Their bodies, ourselves

body worlds 16 01We've looked at a few mainstream media articles covering the Body Worlds exhibit that has been traveling around the country. In March of last year, Eric Gorski had a great feature in The Denver Post. In January of this year, Jeffrey Weiss ran an insightful Q&A with the exhibit's creator in The Dallas Morning News . And a reader sent along another good article in The Oregonian.

The controversial art exhibit features dead human beings preserved in plastic, flayed open to reveal their inner mechanisms and posed in various positions.

Religion reporter Nancy Haught interviews museum-goers and local ethicists and finds out that some people have deep problems with the exhibit, including sisters Rose Jade and Kyenne Williams:

[Jade's} had some experience with human dissection, she says, and was taught to treat human remains with respect. While she enjoyed eavesdropping on some of the children's comments ("I'm not sure I want this to happen to me after I'm dead," one little girl told her dad. "Well, it's your choice," he replied), the rooms were a little noisy. Some small children didn't seem all that interested. There was nervous laughter from teenagers and some irreverent chitchat. It all seemed a bit disrespectful.

"But I did learn some things," Jade says. So did Williams. She marvels about how small a spleen is, how fragile a body might be, how easy it would be to damage it. "It was educational, but there was something that was not quite right," Williams says.

The two sisters' responses embody the ethical debate that has surrounded Dr. Gunther von Hagens' "Body Worlds" since its premiere in Japan in 1995. Billed as an educational breakthrough, the exhibit has its share of critics. Their ethical objections include the packaging and sale of human bodies, educational claims they see as dubious, a lack of reverence for the dead and a morbid fascination with cadavers.
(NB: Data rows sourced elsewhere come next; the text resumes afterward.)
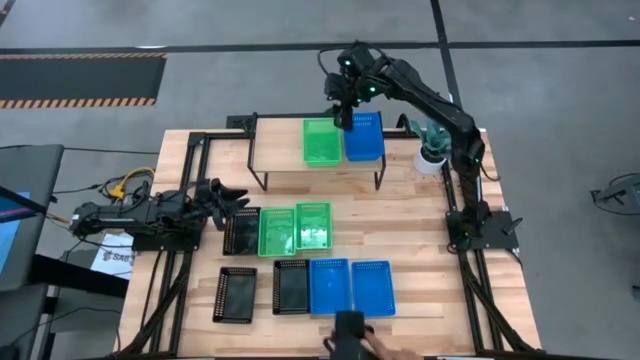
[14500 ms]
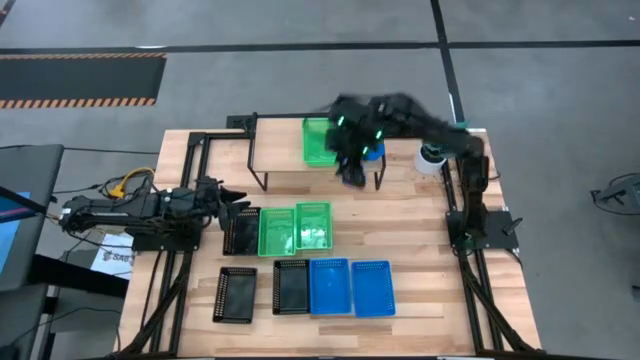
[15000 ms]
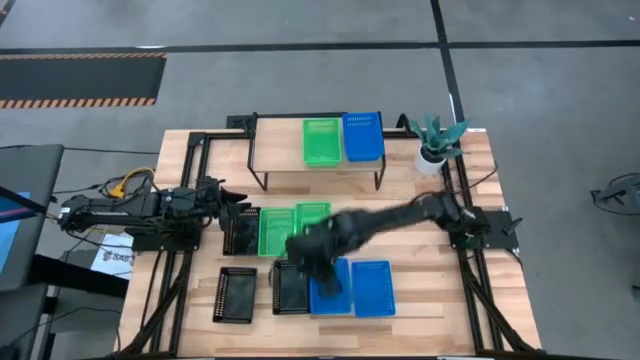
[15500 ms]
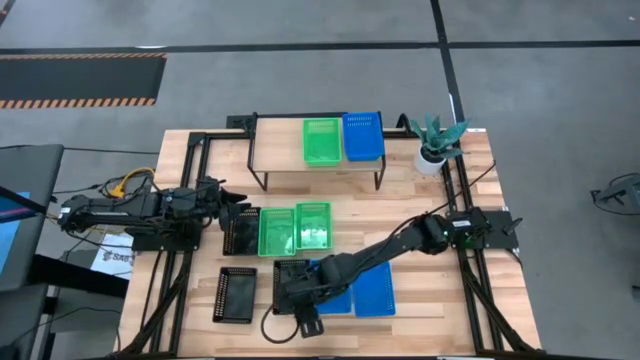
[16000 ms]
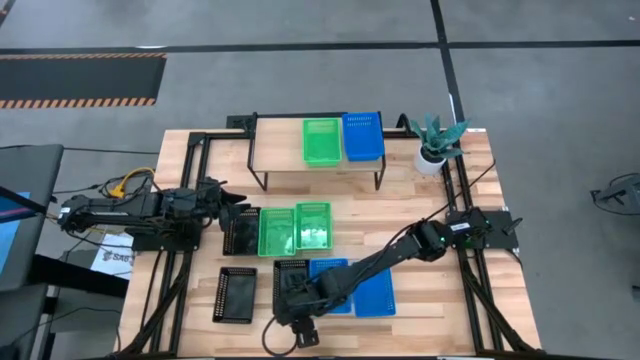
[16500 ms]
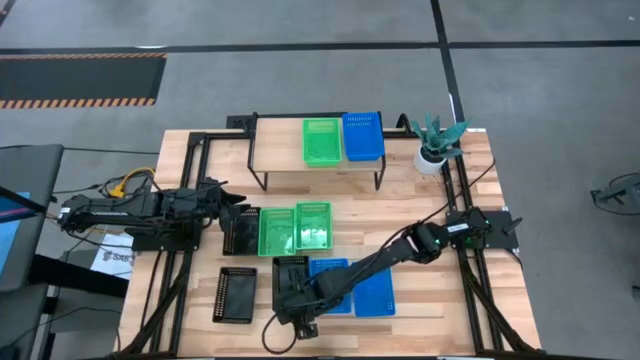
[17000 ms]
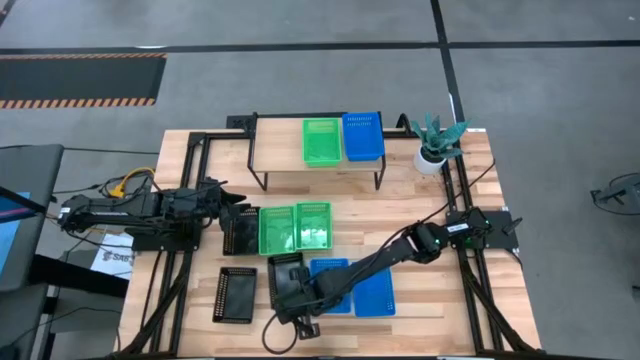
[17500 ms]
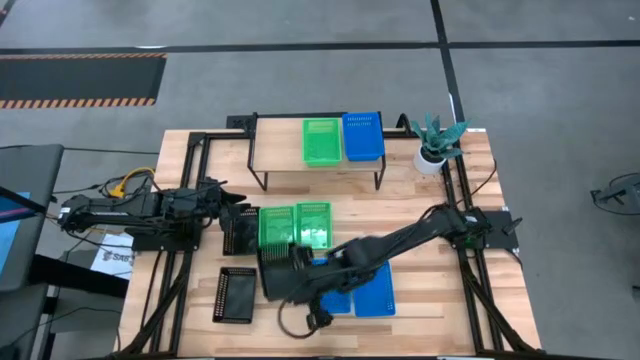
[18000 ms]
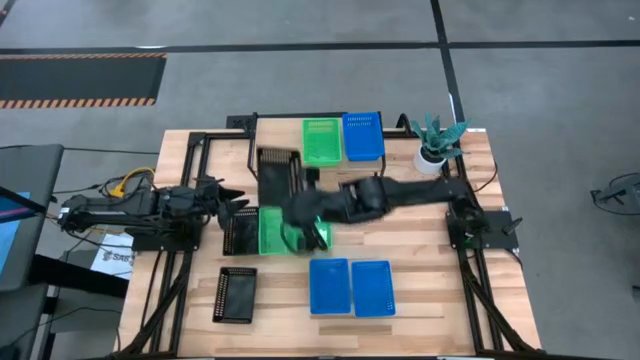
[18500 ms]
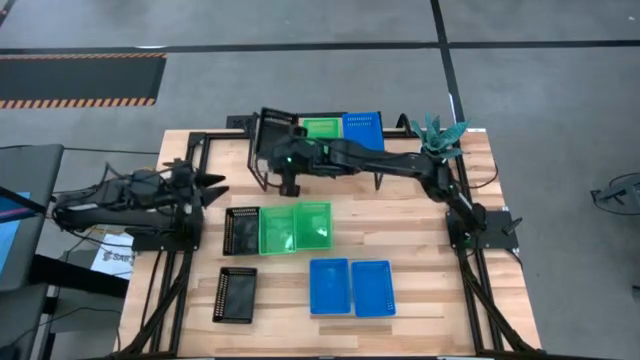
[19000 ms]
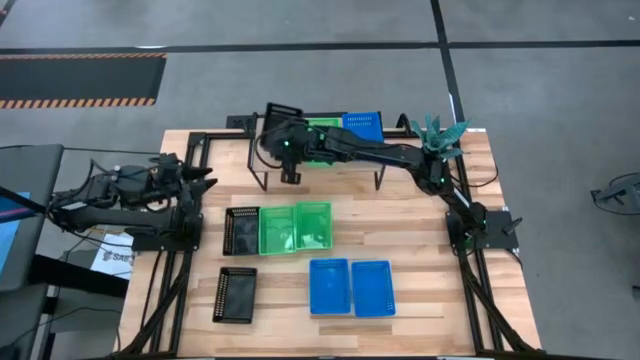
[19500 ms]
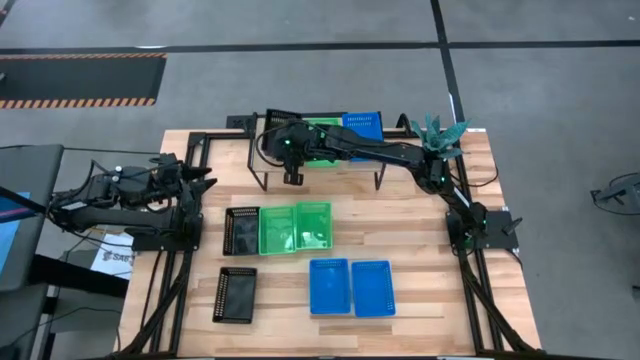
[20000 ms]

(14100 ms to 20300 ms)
Put the bottom right black bin on the shelf

Haught interviews people of varying religious beliefs about their view of the plastinates, as they are known. One of the exhibitors' arguments is that there are no ethical qualms since people volunteer to have their bodies dissected and displayed:

"People volunteer for all kinds of things," says the Rev. Marilyn Sewell of the First Unitarian Church in downtown Portland. "People volunteer to be prostitutes. People volunteer for genital mutilation, to kill themselves. That doesn't mean society should cooperate with their wishes."
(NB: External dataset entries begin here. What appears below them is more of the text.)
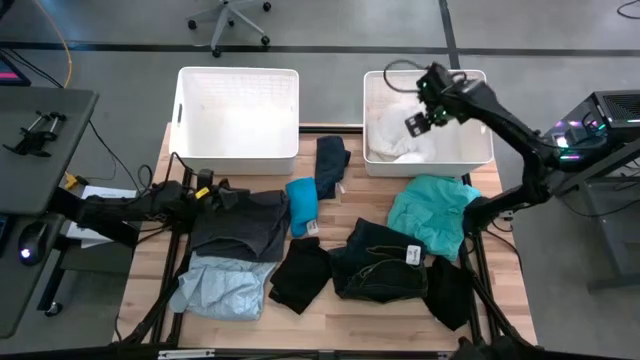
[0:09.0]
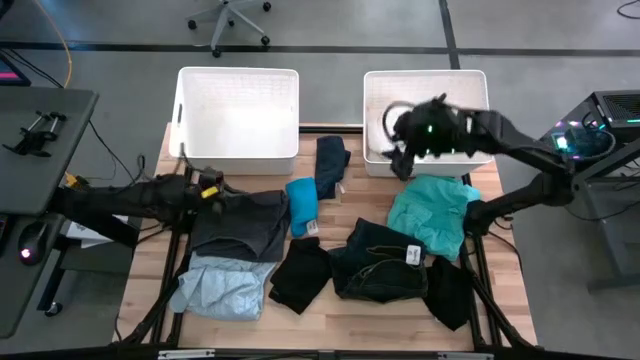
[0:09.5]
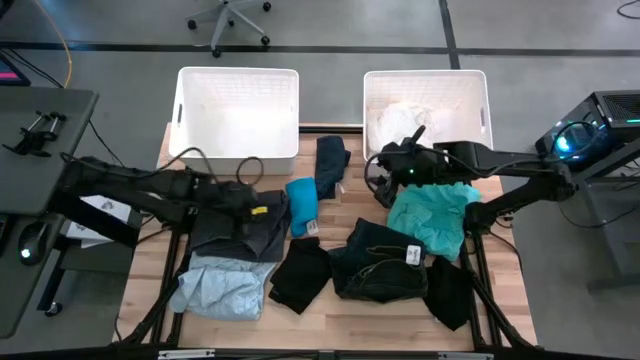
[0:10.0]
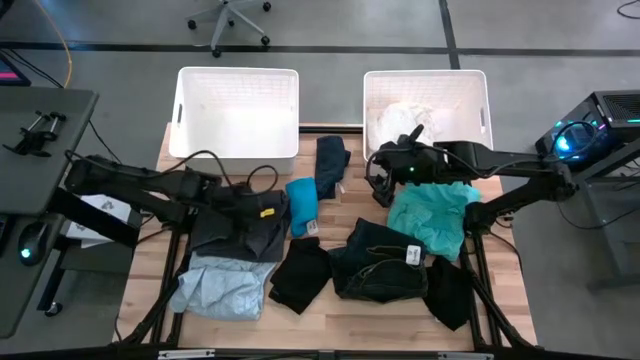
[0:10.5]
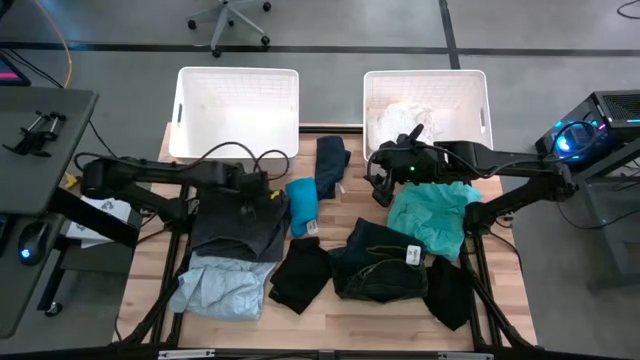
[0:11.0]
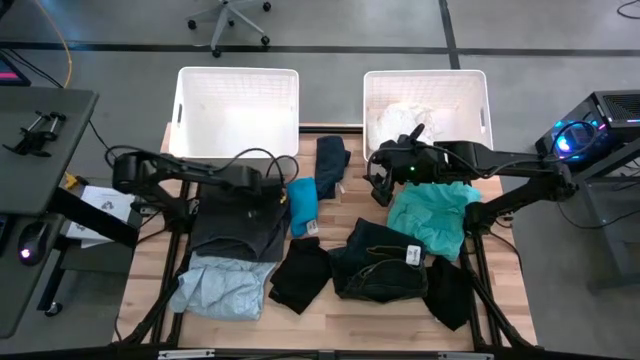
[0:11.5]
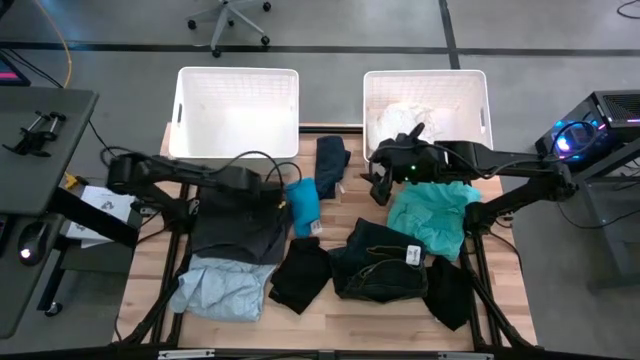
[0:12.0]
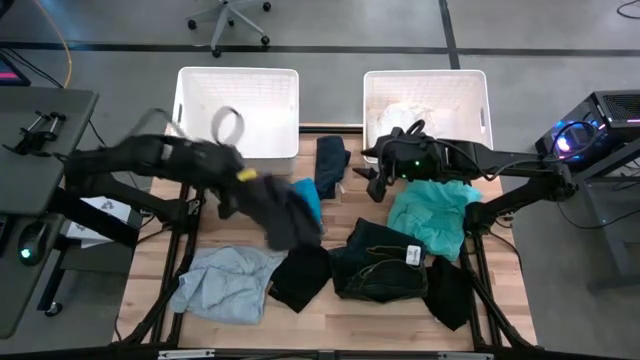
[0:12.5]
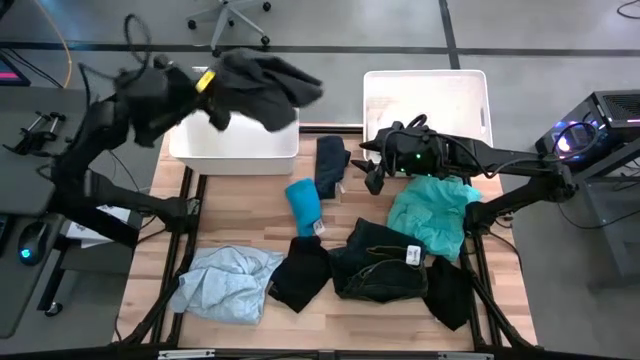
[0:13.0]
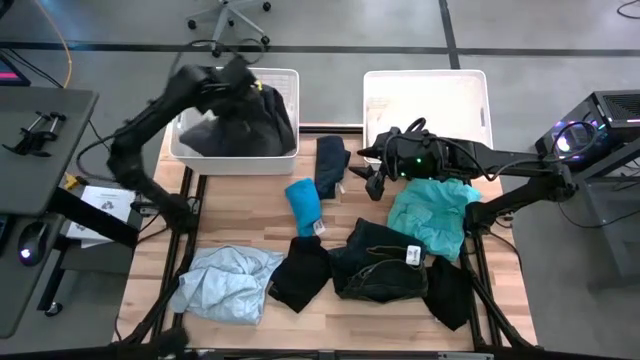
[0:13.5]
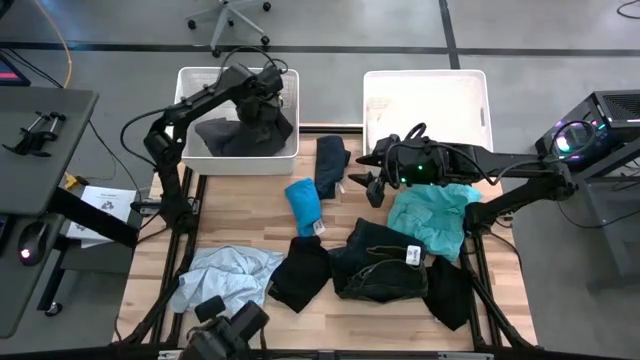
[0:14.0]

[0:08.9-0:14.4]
Task: Sort clothes
Put the black shorts into the left white laundry organizer

Others compare and contrast the current prohibition on selling organs for transplants with selling tickets to see human remains. Margaret Hogan, who teaches bioethics at the Roman Catholic University of Portland, says that knowledge can be obtained in a more appropriate manner:

Culturally, she says, Americans have been desensitized to death and may be drawn to "Body Worlds" as a sort of entertainment. "But it is a parody on entertainment and on science," she says, "a terrible marriage of both."

The Rev. David L. Wheeler, a Baptist pastor and a former professor of ethics, argues that "Body Worlds" reduces the whole human being to only a physical body:

To display human remains, even with legal permission, is itself an invasion of privacy, he says. "If we were to lay out someone's psychiatric profile publicly, most of us would feel ashamed to look at it." Probing the deepest parts of a person's body is not that different from probing their minds or their souls, he adds. "My discomfort is rooted in the belief that the human being, in his or her entirety, is sacred."
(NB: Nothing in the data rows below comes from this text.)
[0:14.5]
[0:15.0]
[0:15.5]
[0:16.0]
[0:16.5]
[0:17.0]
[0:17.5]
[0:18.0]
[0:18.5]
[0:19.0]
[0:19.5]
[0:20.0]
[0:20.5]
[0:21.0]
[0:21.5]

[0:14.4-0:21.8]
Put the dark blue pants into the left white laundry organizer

Von Hagens responds that the exhibit is deeply spiritual. The absence of the soul, he says, underlines the soul. And Benjamin Rifkin, who has written about how the human body has been portrayed over time, offers some perspectives:

Rifkin sees a key difference between the Renaissance illustrations, with their spiritual themes, and today's anatomy shows, which come "from a more recent and less pleasant Romantic tradition." He traces the body shows back to the same impulse that spawned the book "Frankenstein": the idea of the horror of dead bodies and cadavers. Since the 1800s, he says, cadavers have been "a sick sideline. To simply look at a cadaver is thrill-seeking . . . a kind of spectacle."

What fascinates me about this exhibit is how it demonstrates a religious sea change among the masses. There was a time when Christians insisted on burial as a testament to the resurrection of the body, which they confessed. It was the belief that death was a temporary separation of body and soul that made cemeteries such sacred places and dead bodies so respected.

And now we have the widespread popularity of exhibits like these, and cremation, and just the general separation of the notions of body, mind and soul. I'd love for some enterprising reporter to tackle what all this means and how the theology of the body has changed in most Christian denominations and in the culture at large. Which is not to take away from some excellent journalism already out there on these topics. Instead I keep seeing a bunch of jokey stories about the funeral business or wacky cremation schemes.